» PROVIDED RECORDS:
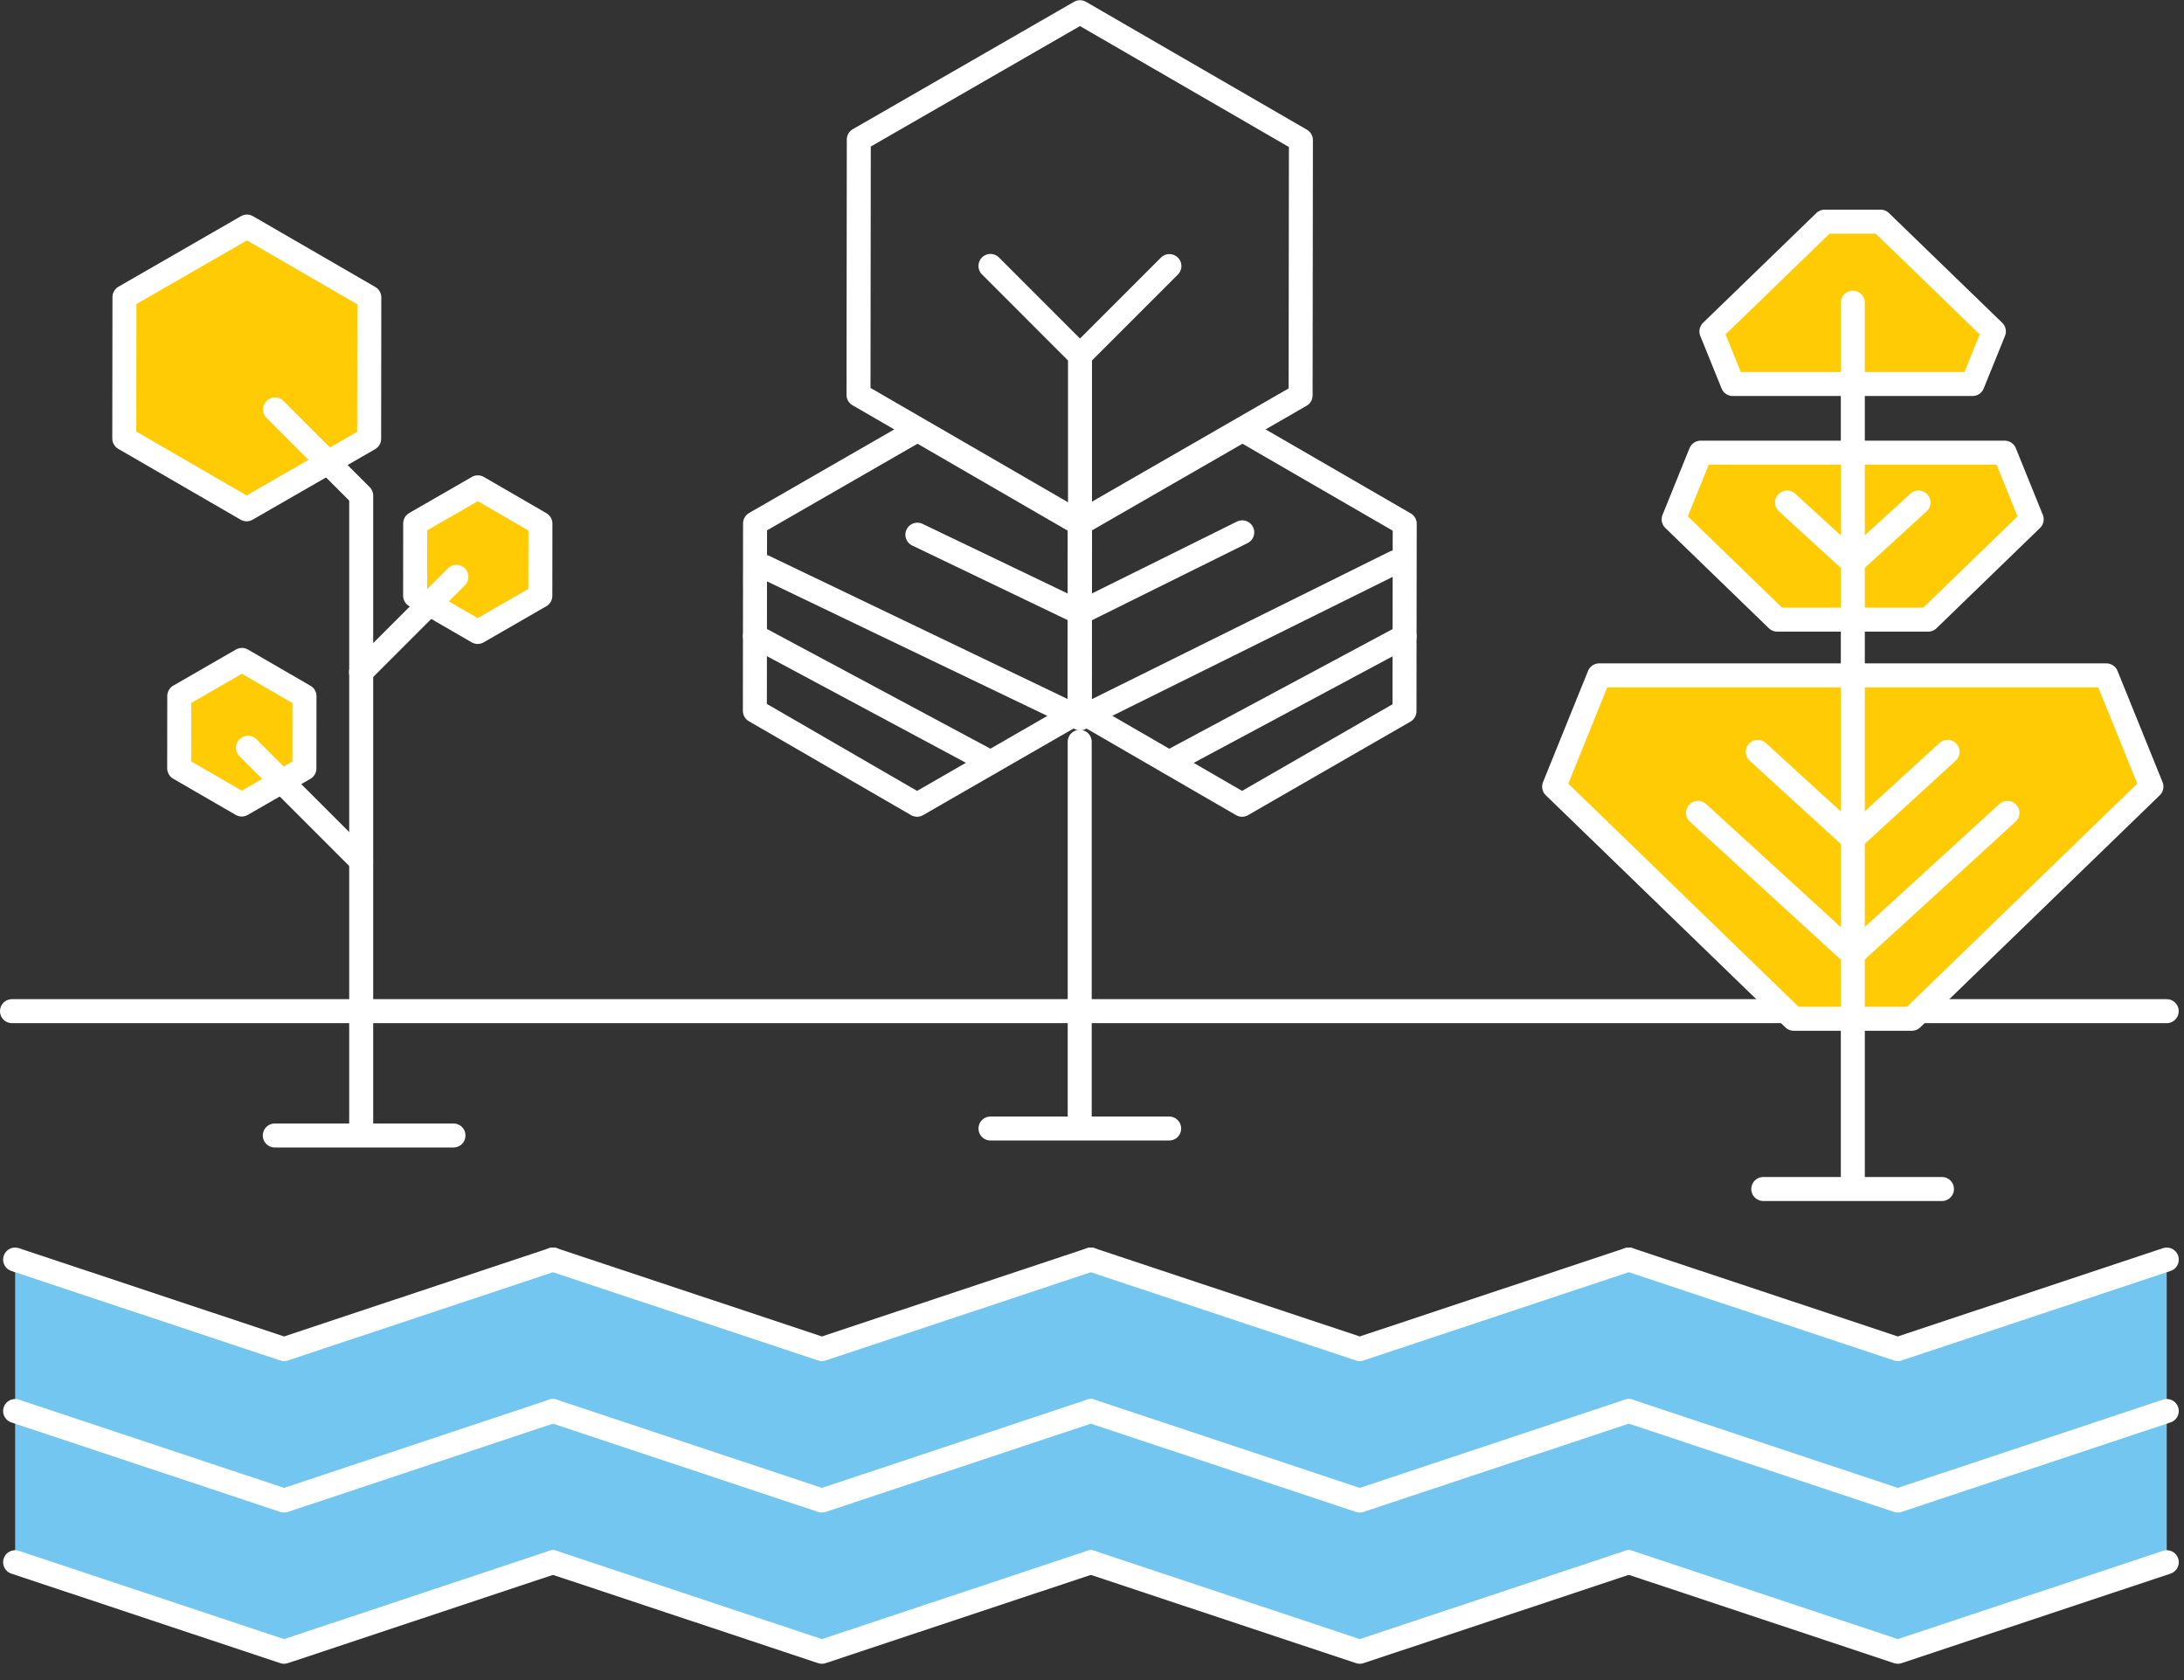 <?xml version="1.0" encoding="UTF-8" standalone="no"?>
<!DOCTYPE svg PUBLIC "-//W3C//DTD SVG 1.1//EN" "http://www.w3.org/Graphics/SVG/1.1/DTD/svg11.dtd">
<svg width="100%" height="100%" viewBox="0 0 91 70" version="1.1" xmlns="http://www.w3.org/2000/svg" xmlns:xlink="http://www.w3.org/1999/xlink" xml:space="preserve" xmlns:serif="http://www.serif.com/" style="fill-rule:evenodd;clip-rule:evenodd;stroke-linecap:round;stroke-linejoin:round;stroke-miterlimit:10;">
    <rect x="0" y="0" width="91" height="70" fill="#333333" stroke="none"/>
    <g transform="matrix(1,0,0,1,-1054.77,-5012.66)">
        <g transform="matrix(1,0,0,1,0,3032.55)">
            <g transform="matrix(1,0,0,1,1145.05,2036.32)">
                <path d="M0,8.875L-11.206,12.605L-22.412,8.875L-33.618,12.605L-44.825,8.875L-56.031,12.605L-67.237,8.875L-78.443,12.605L-89.649,8.875L-89.649,-3.73L-78.443,-0L-67.237,-3.73L-56.031,-0L-44.825,-3.73L-33.618,-0L-22.412,-3.73L-11.206,-0L0,-3.73L0,8.875Z" style="fill:rgb(114,198,239);fill-rule:nonzero;"/>
            </g>
        </g>
        <g transform="matrix(1,0,0,1,0,3032.55)">
            <g transform="matrix(0,1,1,0,1107.63,2018.89)">
                <path d="M-7.872,-7.872L7.872,-7.872" style="fill:none;fill-rule:nonzero;stroke:white;stroke-width:1px;"/>
            </g>
        </g>
        <g transform="matrix(1,0,0,1,0,3032.55)">
            <g transform="matrix(1,0,0,1,1066.22,2027.42)">
                <path d="M0,0L7.445,0" style="fill:none;fill-rule:nonzero;stroke:white;stroke-width:1px;"/>
            </g>
        </g>
        <g transform="matrix(1,0,0,1,0,3032.55)">
            <g transform="matrix(1,0,0,1,1096.04,2027.13)">
                <path d="M0,0L7.445,0" style="fill:none;fill-rule:nonzero;stroke:white;stroke-width:1px;"/>
            </g>
        </g>
        <g transform="matrix(1,0,0,1,0,3032.55)">
            <g transform="matrix(1,0,0,1,1128.24,2029.65)">
                <path d="M0,0L7.445,0" style="fill:none;fill-rule:nonzero;stroke:white;stroke-width:1px;"/>
            </g>
        </g>
        <g transform="matrix(1,0,0,1,0,3032.55)">
            <g transform="matrix(1,0,0,1,1055.27,2022.24)">
                <path d="M0,0L89.779,0" style="fill:none;fill-rule:nonzero;stroke:white;stroke-width:1px;"/>
            </g>
        </g>
        <g transform="matrix(1,0,0,1,0,3032.55)">
            <g transform="matrix(1,0,0,1,1122.64,2036.32)">
                <path d="M0,-3.73L11.206,0L22.412,-3.73" style="fill:none;fill-rule:nonzero;stroke:white;stroke-width:1px;"/>
            </g>
        </g>
        <g transform="matrix(1,0,0,1,0,3032.55)">
            <g transform="matrix(1,0,0,1,1100.22,2036.32)">
                <path d="M0,-3.73L11.207,0L22.413,-3.73" style="fill:none;fill-rule:nonzero;stroke:white;stroke-width:1px;"/>
            </g>
        </g>
        <g transform="matrix(1,0,0,1,0,3032.55)">
            <g transform="matrix(1,0,0,1,1077.81,2036.32)">
                <path d="M0,-3.73L11.206,0L22.412,-3.73" style="fill:none;fill-rule:nonzero;stroke:white;stroke-width:1px;"/>
            </g>
        </g>
        <g transform="matrix(1,0,0,1,0,3032.55)">
            <g transform="matrix(1,0,0,1,1055.4,2036.32)">
                <path d="M0,-3.73L11.206,0L22.412,-3.73" style="fill:none;fill-rule:nonzero;stroke:white;stroke-width:1px;"/>
            </g>
        </g>
        <g transform="matrix(1,0,0,1,0,3032.55)">
            <g transform="matrix(1,0,0,1,1122.64,2042.63)">
                <path d="M0,-3.73L11.206,0L22.412,-3.73" style="fill:none;fill-rule:nonzero;stroke:white;stroke-width:1px;"/>
            </g>
        </g>
        <g transform="matrix(1,0,0,1,0,3032.55)">
            <g transform="matrix(1,0,0,1,1100.22,2042.63)">
                <path d="M0,-3.73L11.207,0L22.413,-3.73" style="fill:none;fill-rule:nonzero;stroke:white;stroke-width:1px;"/>
            </g>
        </g>
        <g transform="matrix(1,0,0,1,0,3032.55)">
            <g transform="matrix(1,0,0,1,1077.81,2042.63)">
                <path d="M0,-3.73L11.206,0L22.412,-3.73" style="fill:none;fill-rule:nonzero;stroke:white;stroke-width:1px;"/>
            </g>
        </g>
        <g transform="matrix(1,0,0,1,0,3032.55)">
            <g transform="matrix(1,0,0,1,1055.4,2042.63)">
                <path d="M0,-3.73L11.206,0L22.412,-3.73" style="fill:none;fill-rule:nonzero;stroke:white;stroke-width:1px;"/>
            </g>
        </g>
        <g transform="matrix(1,0,0,1,0,3032.55)">
            <g transform="matrix(1,0,0,1,1122.64,2048.93)">
                <path d="M0,-3.73L11.206,0L22.412,-3.73" style="fill:none;fill-rule:nonzero;stroke:white;stroke-width:1px;"/>
            </g>
        </g>
        <g transform="matrix(1,0,0,1,0,3032.55)">
            <g transform="matrix(1,0,0,1,1100.22,2048.93)">
                <path d="M0,-3.73L11.207,0L22.413,-3.73" style="fill:none;fill-rule:nonzero;stroke:white;stroke-width:1px;"/>
            </g>
        </g>
        <g transform="matrix(1,0,0,1,0,3032.55)">
            <g transform="matrix(1,0,0,1,1077.81,2048.93)">
                <path d="M0,-3.73L11.206,0L22.412,-3.73" style="fill:none;fill-rule:nonzero;stroke:white;stroke-width:1px;"/>
            </g>
        </g>
        <g transform="matrix(1,0,0,1,0,3032.55)">
            <g transform="matrix(1,0,0,1,1055.4,2048.93)">
                <path d="M0,-3.73L11.206,0L22.412,-3.73" style="fill:none;fill-rule:nonzero;stroke:white;stroke-width:1px;"/>
            </g>
        </g>
        <g transform="matrix(1,0,0,1,0,3032.55)">
            <g transform="matrix(1,0,0,1,1065.06,2001.33)">
                <path d="M0,-11.78L5.098,-8.829L5.091,-2.939L-0.014,0L-5.111,-2.951L-5.104,-8.841L0,-11.78Z" style="fill:rgb(255,203,5);fill-rule:nonzero;stroke:white;stroke-width:1px;"/>
            </g>
        </g>
        <g transform="matrix(1,0,0,1,0,3032.55)">
            <g transform="matrix(1,0,0,1,1093,2013.64)">
                <path d="M0,-15.619L6.759,-11.707L6.75,-3.897L-0.019,0L-6.777,-3.913L-6.769,-11.723L0,-15.619Z" style="fill:none;fill-rule:nonzero;stroke:white;stroke-width:1px;"/>
            </g>
        </g>
        <g transform="matrix(1,0,0,1,0,3032.55)">
            <g transform="matrix(1,0,0,1,1099.77,2001.89)">
                <path d="M0,-21.271L9.205,-15.943L9.192,-5.307L-0.024,0L-9.229,-5.329L-9.217,-15.964L0,-21.271Z" style="fill:none;fill-rule:nonzero;stroke:white;stroke-width:1px;"/>
            </g>
        </g>
        <g transform="matrix(1,0,0,1,0,3032.55)">
            <g transform="matrix(1,0,0,1,1106.54,2013.64)">
                <path d="M0,-15.619L6.76,-11.707L6.75,-3.897L-0.018,0L-6.776,-3.913L-6.768,-11.723L0,-15.619Z" style="fill:none;fill-rule:nonzero;stroke:white;stroke-width:1px;"/>
            </g>
        </g>
        <g transform="matrix(1,0,0,1,0,3032.55)">
            <g transform="matrix(1,0,0,1,1074.68,2006.44)">
                <path d="M0,-6.025L2.607,-4.515L2.604,-1.504L-0.007,0L-2.613,-1.509L-2.61,-4.522L0,-6.025Z" style="fill:rgb(255,203,5);fill-rule:nonzero;stroke:white;stroke-width:1px;"/>
            </g>
        </g>
        <g transform="matrix(1,0,0,1,0,3032.55)">
            <g transform="matrix(1,0,0,1,1064.85,2013.63)">
                <path d="M0,-6.024L2.607,-4.514L2.604,-1.503L-0.007,0L-2.614,-1.508L-2.61,-4.521L0,-6.024Z" style="fill:rgb(255,203,5);fill-rule:nonzero;stroke:white;stroke-width:1px;"/>
            </g>
        </g>
        <g transform="matrix(1,0,0,1,0,3032.55)">
            <g transform="matrix(0.707,-0.707,-0.707,-0.707,1071.8,2008.94)">
                <path d="M-0.823,1.987L4.797,1.987" style="fill:none;fill-rule:nonzero;stroke:white;stroke-width:1px;"/>
            </g>
        </g>
        <g transform="matrix(1,0,0,1,0,3032.55)">
            <g transform="matrix(1,0,0,1,1069.82,1997.17)">
                <path d="M0,29.876L0,3.59L-3.59,0" style="fill:none;fill-rule:nonzero;stroke:white;stroke-width:1px;"/>
            </g>
        </g>
        <g transform="matrix(1,0,0,1,0,3032.55)">
            <g transform="matrix(-0.707,-0.707,-0.707,0.707,1067.46,2010.29)">
                <path d="M-5.693,2.358L0.977,2.358" style="fill:none;fill-rule:nonzero;stroke:white;stroke-width:1px;"/>
            </g>
        </g>
        <g transform="matrix(1,0,0,1,0,3032.55)">
            <g transform="matrix(1,0,0,1,1099.77,1991.19)">
                <path d="M0,10.72L0,3.732L-3.731,0" style="fill:none;fill-rule:nonzero;stroke:white;stroke-width:1px;"/>
            </g>
        </g>
        <g transform="matrix(1,0,0,1,0,3032.55)">
            <g transform="matrix(0.707,-0.707,-0.707,-0.707,1101.63,1995.7)">
                <path d="M-0.773,1.866L4.504,1.866" style="fill:none;fill-rule:nonzero;stroke:white;stroke-width:1px;"/>
            </g>
        </g>
        <g transform="matrix(1,0,0,1,0,3032.55)">
            <g transform="matrix(1,0,0,1,1106.53,2005.64)">
                <path d="M0,-3.35L-6.759,0L-13.536,-3.252" style="fill:none;fill-rule:nonzero;stroke:white;stroke-width:1px;"/>
            </g>
        </g>
        <g transform="matrix(1,0,0,1,0,3032.55)">
            <g transform="matrix(1,0,0,1,1135.11,1998.97)">
                <path d="M0,6.957L4.314,2.778C3.769,1.432 3.734,1.347 3.189,0L-9.479,0C-10.024,1.347 -10.059,1.432 -10.604,2.778L-6.29,6.957L0,6.957Z" style="fill:rgb(255,203,5);fill-rule:nonzero;stroke:white;stroke-width:1px;"/>
            </g>
        </g>
        <g transform="matrix(1,0,0,1,0,3032.55)">
            <g transform="matrix(1,0,0,1,1129.23,2003.55)">
                <path d="M0,-2.503L2.738,0L5.477,-2.503" style="fill:none;fill-rule:nonzero;stroke:white;stroke-width:1px;"/>
            </g>
        </g>
        <g transform="matrix(1,0,0,1,0,3032.55)">
            <g transform="matrix(1,0,0,1,1134.43,2008.25)">
                <path d="M0,14.307L9.983,4.635C9.074,2.388 9.017,2.247 8.106,0L-13.028,0C-13.938,2.247 -13.995,2.388 -14.904,4.635L-4.921,14.307L0,14.307Z" style="fill:rgb(255,203,5);fill-rule:nonzero;stroke:white;stroke-width:1px;"/>
            </g>
        </g>
        <g transform="matrix(1,0,0,1,0,3032.55)">
            <g transform="matrix(1,0,0,1,1128.01,2015.05)">
                <path d="M0,-3.614L3.955,0L7.909,-3.614" style="fill:none;fill-rule:nonzero;stroke:white;stroke-width:1px;"/>
            </g>
        </g>
        <g transform="matrix(1,0,0,1,0,3032.55)">
            <g transform="matrix(1,0,0,1,1125.52,2019.87)">
                <path d="M0,-5.892L6.446,0L12.893,-5.892" style="fill:none;fill-rule:nonzero;stroke:white;stroke-width:1px;"/>
            </g>
        </g>
        <g transform="matrix(1,0,0,1,0,3032.55)">
            <g transform="matrix(1,0,0,1,1130.8,1996.11)">
                <path d="M0,-6.765L-4.721,-2.192C-4.29,-1.13 -4.263,-1.063 -3.833,0L6.16,0C6.59,-1.063 6.617,-1.13 7.048,-2.192L2.327,-6.765L0,-6.765Z" style="fill:rgb(255,203,5);fill-rule:nonzero;stroke:white;stroke-width:1px;"/>
            </g>
        </g>
        <g transform="matrix(1,0,0,1,0,3032.55)">
            <g transform="matrix(0,1,1,0,1150.25,2011)">
                <path d="M-18.279,-18.279L18.279,-18.279" style="fill:none;fill-rule:nonzero;stroke:white;stroke-width:1px;"/>
            </g>
        </g>
        <g transform="matrix(1,0,0,1,0,3032.55)">
            <g transform="matrix(1,0,0,1,1112.9,2010.04)">
                <path d="M0,-6.503L-13.123,0L-26.282,-6.314" style="fill:none;fill-rule:nonzero;stroke:white;stroke-width:1px;"/>
            </g>
        </g>
        <g transform="matrix(1,0,0,1,0,3032.55)">
            <g transform="matrix(0.881,0.472,0.472,-0.881,1088.05,2004.61)">
                <path d="M-0.66,-2.63L10.47,-2.63" style="fill:none;fill-rule:nonzero;stroke:white;stroke-width:1px;"/>
            </g>
        </g>
        <g transform="matrix(1,0,0,1,0,3032.55)">
            <g transform="matrix(-0.881,0.472,0.472,0.881,1105.31,2013.88)">
                <path d="M-10.47,-2.63L0.66,-2.63" style="fill:none;fill-rule:nonzero;stroke:white;stroke-width:1px;"/>
            </g>
        </g>
    </g>
</svg>

» WORK TO COMPLETE:
Please return all lines above in which the string "height" is found.

» RESPONSE AREA:
<svg width="100%" height="100%" viewBox="0 0 91 70" version="1.1" xmlns="http://www.w3.org/2000/svg" xmlns:xlink="http://www.w3.org/1999/xlink" xml:space="preserve" xmlns:serif="http://www.serif.com/" style="fill-rule:evenodd;clip-rule:evenodd;stroke-linecap:round;stroke-linejoin:round;stroke-miterlimit:10;">
    <rect x="0" y="0" width="91" height="70" fill="#333333" stroke="none"/>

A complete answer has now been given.